Wednesday, 28 April 2021

Seedlings

 I started this blog purely to write about books, but I would like to add a personal note. After all: it's my blog and I'll do what I want! 


My windowsills were covered in seedlings until yesterday. They were big enough to go outside, but alas: the night temperature kept going down to zero. Now I put them outside during the day, to acclimatize. "Outside" is a large balcony (15 by 2 meters), very sunny and sometimes windy. Today all "non-essential" shops re-opened, so I will be able to visit gardening centres too. But maybe I'd better wait as the temptation to buy is always great and I already have too many seedlings (they will go to neighbours and friends). Also cafes and restaurants will be allowed to open (outside seating only), so we will celebrate at our favourite lunch place.


Sunday, 18 April 2021

What to read where

 While looking for information on authors I came across this site:  https://www.mappit.net/bookmap/    It is a "Global Book Map"listing books about or situated in a particular location. There are more than 100,000 books on the map that can be searched by countries, regions, or by any of the thousands of specific places the books are set in or are about. So if you would like to read a book set in your home town or your holiday location this is the place to look.

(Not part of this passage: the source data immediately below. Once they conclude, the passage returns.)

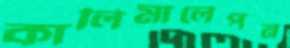
কালিমালেপন
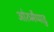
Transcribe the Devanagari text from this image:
ओरुमैप्पाडु
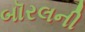
બૉરલની
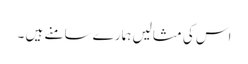
اس کی مثالیں ہمارے سامنے ہیں ۔
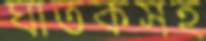
ঘাতকসহ
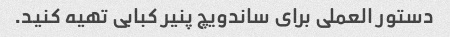
دستور العملی برای ساندویچ پنیر کبابی تهیه کنید.
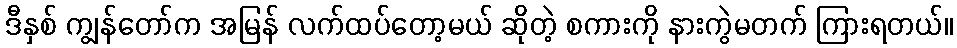
ဒီနှစ် ကျွန်တော်က အမြန် လက်ထပ်တော့မယ် ဆိုတဲ့ စကားကို နားကွဲမတက် ကြားရတယ်။
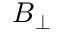
\boldsymbol { B } _ { \perp }
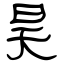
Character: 昊

For me it works the other way too: on a trip to Copenhagen I have visited the apartment block from Miss Smilla's Feeling for Snow (Peter Hoeg), in Edinburgh I have used locations from Alexander McCall Smith's books as my guide, and I have cycled round northern France trying, and failing, to find the hotel from The Greengage Summer (Rumer Godden). How about you, have you visited places from your favourite books?

Tuesday, 13 April 2021

Wild Island, a Year in the Hebrides by Jane Smith (2016)

I read about this book in Country Living (oh, I miss being able to buy British Magazines!) and ordered it in January 2020. In her book, Jane mentions Colonsay's Spring Festival, so I looked it up.  It sounded so wonderful I was beginning to think how nice it would be to visit when the world changed and all foreign travel was off. Maybe next year ...


In paintings and words Jane portrays a year on Oronsay, a small Hebridean island farmed by the RSPB for the benefit of wildlife. She originally worked for the BBC and National Geographic as a wildlife film-maker, then changed direction, studying painting and printing. 

 

Apart from the pictures, which are wonderful, she also has a way with words, painting a picture of life on the island and of all the creatures living there.


Mike and Val are the RSPB-managers on Oronsay, living there with their helpers and their dogs. You get to Oronsay by driving across from Colonsay at low tide, a hazardous undertaking at all times, and especially in bad weather or at night.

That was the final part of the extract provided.